NEW
YORK - When India ran against Japan for a
non-permanent seat on the 15-member United Nations
Security Council back in October 1996, it suffered
a humiliating defeat. The vote was a whopping 142
for Japan and a measly 40 for India in a General
Assembly of 191 member states. By UN standards, it
was a monumental political disaster.
India
partially redeemed itself when it was recently
elected to the new Human Rights Council with the
highest number of votes for the Asian slate of
candidates: 173, compared with Bangladesh's 160,
Pakistan's 149 and Sri Lanka's 123. Now it is
looking to make an even greater comeback, the
election of an Indian to succeed Kofi Annan as
secretary general.
It is widely expected
that the job will go to an Asian this term. So
far,
the three declared Asian candidates are Ambassador
Jayantha Dhanapala of Sri Lanka, Thailand's Deputy
Prime Minister Surakiart Sathirathai, and South
Korean Foreign Minister Ban Ki-moon.
Japan
remains tight-lipped. But not surprisingly, the
Indian government wass expected to announce in New
Delhi on Thursday that it will support Shashi
Tharoor, UN under secretary general for
communications and public information, as its
candidate. The job falls vacant on December 31
when incumbent Kofi Annan leaves after his
two-term, 10-year tenure in office.
India's interest could trigger a riposte
from its long-standing political rival and
neighbor: Pakistan. According to one political
source, the Pakistani government may well nominate
its own candidate merely to irritate the Indians.

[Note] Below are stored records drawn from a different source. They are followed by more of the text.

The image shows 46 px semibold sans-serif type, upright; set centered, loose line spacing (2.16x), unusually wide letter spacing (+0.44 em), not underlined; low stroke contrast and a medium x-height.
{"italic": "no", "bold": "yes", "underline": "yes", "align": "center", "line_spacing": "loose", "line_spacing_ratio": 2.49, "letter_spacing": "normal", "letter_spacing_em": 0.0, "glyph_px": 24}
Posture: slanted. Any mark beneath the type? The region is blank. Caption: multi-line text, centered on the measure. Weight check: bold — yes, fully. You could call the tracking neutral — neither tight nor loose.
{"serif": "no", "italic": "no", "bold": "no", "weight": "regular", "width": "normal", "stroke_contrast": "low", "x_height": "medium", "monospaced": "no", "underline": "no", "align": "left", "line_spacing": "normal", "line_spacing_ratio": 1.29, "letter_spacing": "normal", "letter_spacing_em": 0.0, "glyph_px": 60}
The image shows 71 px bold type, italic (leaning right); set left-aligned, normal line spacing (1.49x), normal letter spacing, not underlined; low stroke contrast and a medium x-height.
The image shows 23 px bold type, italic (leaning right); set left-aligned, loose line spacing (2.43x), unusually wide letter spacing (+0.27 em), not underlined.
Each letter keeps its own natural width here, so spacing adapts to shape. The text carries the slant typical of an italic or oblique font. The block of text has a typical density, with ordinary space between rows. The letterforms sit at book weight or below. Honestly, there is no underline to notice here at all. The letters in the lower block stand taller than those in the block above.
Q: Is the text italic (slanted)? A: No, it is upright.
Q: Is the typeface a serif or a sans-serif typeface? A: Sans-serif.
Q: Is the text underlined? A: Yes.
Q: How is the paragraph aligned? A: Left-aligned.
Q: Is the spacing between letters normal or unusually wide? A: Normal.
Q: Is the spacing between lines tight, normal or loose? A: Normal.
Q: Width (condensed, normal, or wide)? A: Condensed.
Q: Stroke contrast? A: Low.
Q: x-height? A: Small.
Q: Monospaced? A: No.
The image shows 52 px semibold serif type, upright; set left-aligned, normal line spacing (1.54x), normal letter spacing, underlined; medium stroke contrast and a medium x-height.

Tharoor, the highest-ranking Indian in the
world body, has worked in the UN bureaucracy since
1978, has a PhD from the Fletcher School of Law
and Diplomacy at Tufts University in the United
States, and is author of several novels, including
a political satire titled The Great Indian
Novel.
According to a time-honored
tradition but not specified in the UN Charter, the
job of secretary general should not be held by any
country with a permanent seat on the Security
Council or from the world's other major political
or economic powers, thereby ruling out countries
such as the United States, Japan, India, China,
Germany, France, Russia and the United Kingdom.
Both India and Japan desire to achieve
permanent status on the Security Council, and
India's recent elevation to the Human Rights
Council was seen as a step in that direction. But
expansion of the council to include more permanent
members is moribund, so there is little reason to
hold back on the top job.
As a consequence
of this unwritten rule, former incumbents have
come from smaller states: Norway (Trygve Lie),
Sweden (Dag Hammarskjold), Burma (U Thant),
Austria (Kurt Waldheim), Peru (Javier Perez de
Cuellar), Egypt (Boutros Boutros-Ghali) and Ghana
(Annan). But that tradition can be broken because
it is not cast in stone.
The 15-member
Security Council traditionally recommends one name
that is usually approved by the 191-member General
Assembly.
Last month, former ambassador T
P Sreenivasan, who has served both in New York and
Washington, laid out a possible scenario, perhaps
reflecting the then-unannounced views of the upper
echelons of the Indian Foreign Service. He singled
out Tharoor as a possible candidate.
"The
dilemma for India is not about finding a suitable
candidate to put forward," wrote Sreenivasan. "It
is about the incompatibility between seeking a
candidature and aspiring to become a permanent
member [of the Security Council]. But since that
does not seem to be in the realm of possibility,"
argued Sreenivasan, "we should not give up the
option of putting up a candidate for the post of
secretary general."
Since India has been
cozying up to Washington with its nuclear deal -
and, more important, with its open criticism of
Iran's nuclear ambitions - "the US is not likely
to veto an Indian", Sreenivasan predicted.
But the unknown factor is the Chinese
veto. Although China has continuously reaffirmed
its support for an Asian as the next UN chief, it
may have second thoughts about an Indian secretary
general, particularly when Washington is
strengthening its relationship with India as a
political and military counterweight to Beijing.
There is no love lost between India and China.
A single veto can doom any candidacy. When
Boutros-Ghali ran for a second term in late 1996,
he lost the election despite the fact that he got
14 out of 15 votes in the Security Council. The
single veto by the United States killed his
chances of continuing as secretary general.